• **What to work on**: What you return must be the data below, word for word, without any images.

(Dataset entries)
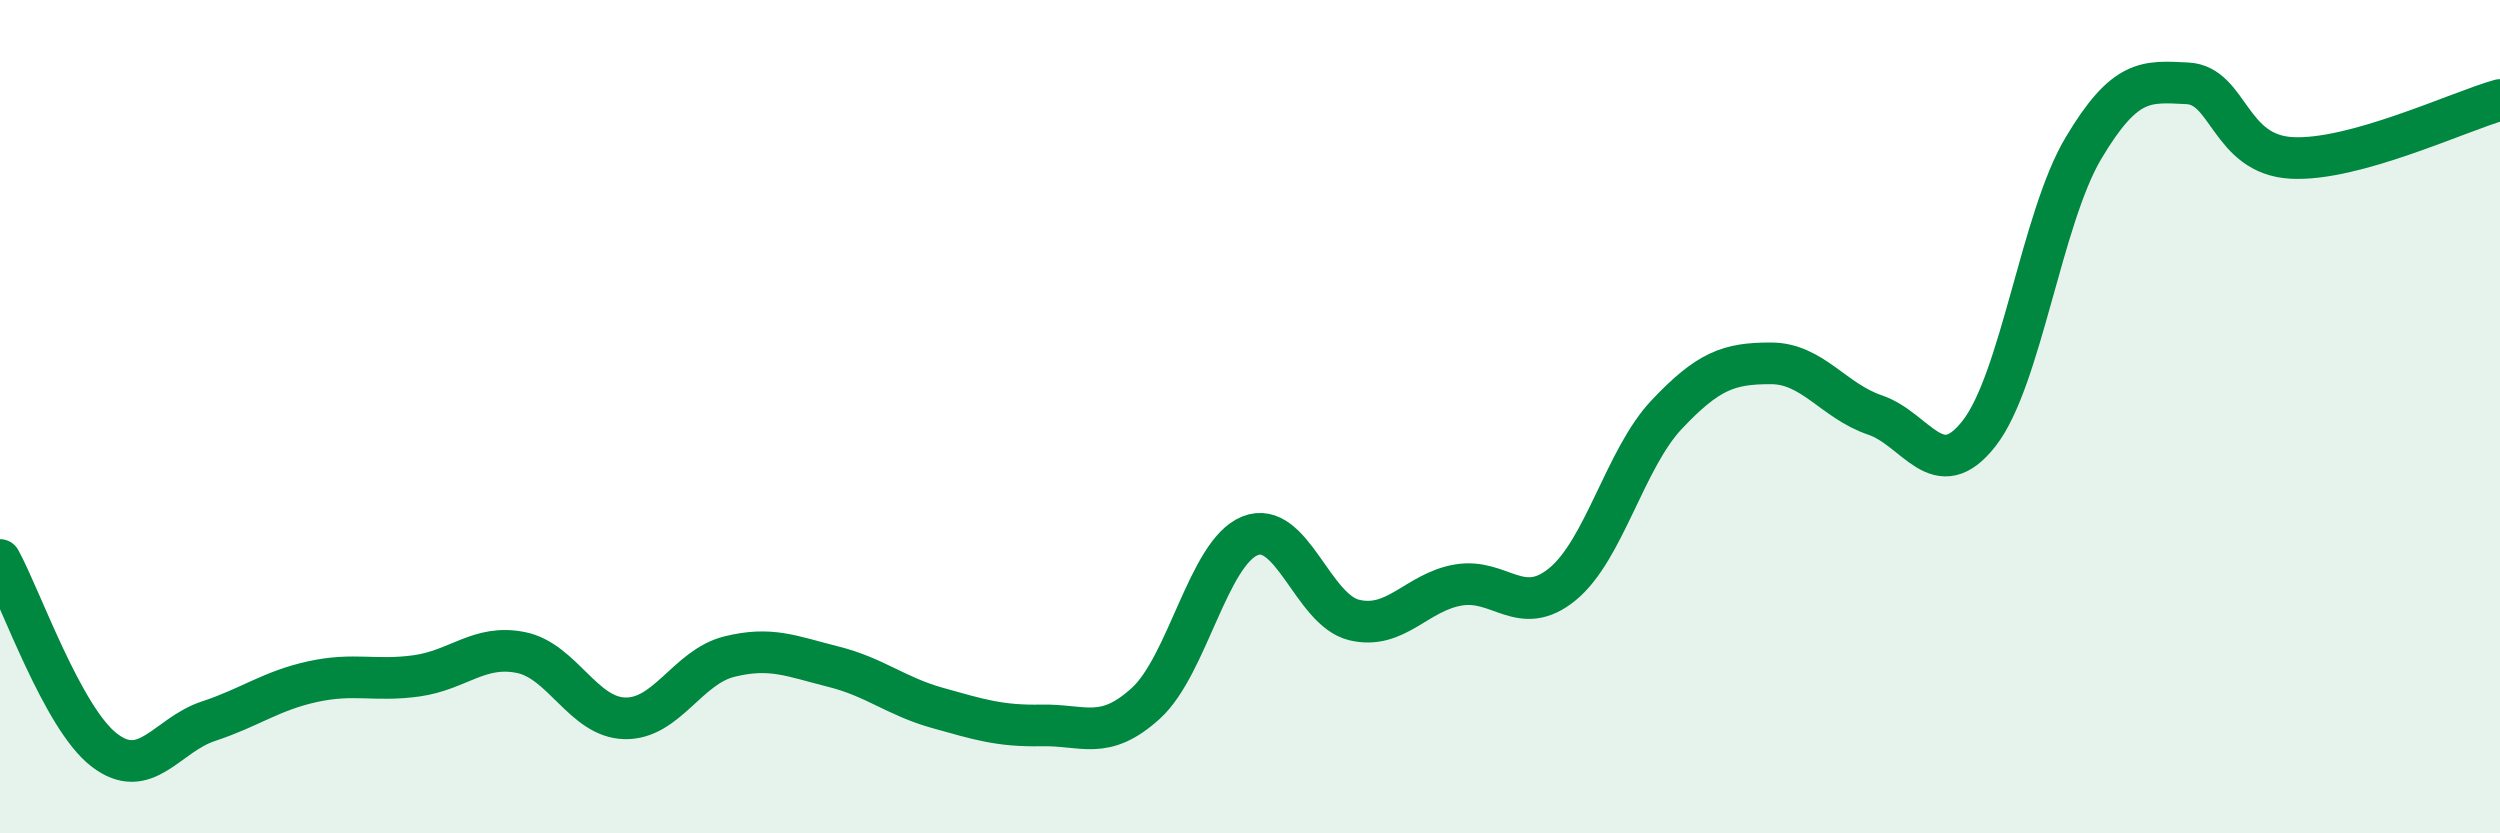 
    <svg width="60" height="20" viewBox="0 0 60 20" xmlns="http://www.w3.org/2000/svg">
      <path
        d="M 0,13.44 C 0.5,14.35 1.5,17.23 2.5,18 C 3.5,18.77 4,17.64 5,17.31 C 6,16.98 6.5,16.58 7.5,16.36 C 8.5,16.14 9,16.36 10,16.22 C 11,16.08 11.5,15.46 12.5,15.66 C 13.5,15.86 14,17.22 15,17.24 C 16,17.26 16.5,16.01 17.5,15.76 C 18.5,15.51 19,15.75 20,16 C 21,16.25 21.5,16.71 22.5,16.99 C 23.5,17.27 24,17.43 25,17.41 C 26,17.39 26.5,17.79 27.5,16.88 C 28.5,15.97 29,13.26 30,12.86 C 31,12.46 31.5,14.64 32.5,14.88 C 33.5,15.12 34,14.21 35,14.04 C 36,13.87 36.5,14.84 37.5,14.02 C 38.5,13.2 39,11.01 40,9.95 C 41,8.89 41.5,8.72 42.5,8.72 C 43.5,8.72 44,9.62 45,9.96 C 46,10.3 46.5,11.68 47.5,10.4 C 48.5,9.12 49,5.24 50,3.56 C 51,1.88 51.5,1.95 52.5,2 C 53.5,2.05 53.5,3.71 55,3.79 C 56.5,3.87 59,2.68 60,2.4L60 20L0 20Z"
        fill="#008740"
        opacity="0.1"
        stroke-linecap="round"
        stroke-linejoin="round"
      />
      <path
        d="M 0,13.44 C 0.5,14.35 1.5,17.23 2.5,18 C 3.5,18.77 4,17.64 5,17.31 C 6,16.98 6.5,16.58 7.5,16.36 C 8.5,16.14 9,16.36 10,16.22 C 11,16.08 11.5,15.46 12.5,15.66 C 13.5,15.86 14,17.22 15,17.24 C 16,17.26 16.5,16.01 17.5,15.76 C 18.5,15.51 19,15.75 20,16 C 21,16.25 21.5,16.71 22.5,16.99 C 23.5,17.27 24,17.43 25,17.41 C 26,17.39 26.5,17.79 27.5,16.88 C 28.5,15.97 29,13.26 30,12.86 C 31,12.46 31.5,14.64 32.5,14.88 C 33.5,15.12 34,14.21 35,14.04 C 36,13.87 36.5,14.84 37.5,14.02 C 38.5,13.2 39,11.01 40,9.95 C 41,8.89 41.5,8.72 42.5,8.72 C 43.5,8.72 44,9.62 45,9.96 C 46,10.3 46.5,11.68 47.5,10.4 C 48.5,9.12 49,5.24 50,3.56 C 51,1.88 51.5,1.95 52.5,2 C 53.5,2.05 53.5,3.71 55,3.79 C 56.5,3.87 59,2.68 60,2.4"
        stroke="#008740"
        stroke-width="1"
        fill="none"
        stroke-linecap="round"
        stroke-linejoin="round"
      />
    </svg>

• **Response**:
    <svg width="60" height="20" viewBox="0 0 60 20" xmlns="http://www.w3.org/2000/svg">
      <path
        d="M 0,13.44 C 0.5,14.35 1.5,17.23 2.5,18 C 3.5,18.77 4,17.64 5,17.31 C 6,16.98 6.5,16.58 7.5,16.36 C 8.5,16.14 9,16.36 10,16.22 C 11,16.08 11.5,15.46 12.5,15.66 C 13.5,15.86 14,17.22 15,17.24 C 16,17.26 16.5,16.01 17.5,15.76 C 18.5,15.51 19,15.75 20,16 C 21,16.25 21.5,16.71 22.5,16.99 C 23.5,17.27 24,17.43 25,17.41 C 26,17.39 26.5,17.79 27.5,16.88 C 28.5,15.97 29,13.26 30,12.86 C 31,12.46 31.5,14.64 32.5,14.88 C 33.5,15.12 34,14.21 35,14.04 C 36,13.87 36.5,14.84 37.5,14.02 C 38.5,13.2 39,11.01 40,9.95 C 41,8.89 41.5,8.72 42.5,8.72 C 43.5,8.72 44,9.62 45,9.96 C 46,10.3 46.5,11.68 47.5,10.4 C 48.5,9.12 49,5.24 50,3.56 C 51,1.88 51.5,1.95 52.5,2 C 53.5,2.05 53.5,3.71 55,3.79 C 56.5,3.87 59,2.68 60,2.4L60 20L0 20Z"
        fill="#008740"
        opacity="0.1"
        stroke-linecap="round"
        stroke-linejoin="round"
      />
      <path
        d="M 0,13.44 C 0.5,14.35 1.5,17.23 2.5,18 C 3.5,18.77 4,17.64 5,17.31 C 6,16.98 6.5,16.58 7.5,16.36 C 8.5,16.14 9,16.36 10,16.22 C 11,16.08 11.5,15.46 12.5,15.66 C 13.5,15.86 14,17.22 15,17.24 C 16,17.26 16.5,16.01 17.5,15.76 C 18.5,15.51 19,15.75 20,16 C 21,16.25 21.5,16.71 22.5,16.99 C 23.5,17.27 24,17.43 25,17.41 C 26,17.39 26.5,17.79 27.5,16.88 C 28.5,15.97 29,13.26 30,12.86 C 31,12.46 31.5,14.64 32.5,14.88 C 33.5,15.12 34,14.21 35,14.04 C 36,13.87 36.5,14.84 37.5,14.02 C 38.5,13.2 39,11.01 40,9.95 C 41,8.89 41.5,8.72 42.5,8.72 C 43.5,8.72 44,9.62 45,9.96 C 46,10.3 46.5,11.68 47.5,10.4 C 48.5,9.12 49,5.24 50,3.56 C 51,1.88 51.5,1.95 52.5,2 C 53.5,2.05 53.5,3.71 55,3.79 C 56.5,3.87 59,2.68 60,2.4"
        stroke="#008740"
        stroke-width="1"
        fill="none"
        stroke-linecap="round"
        stroke-linejoin="round"
      />
    </svg>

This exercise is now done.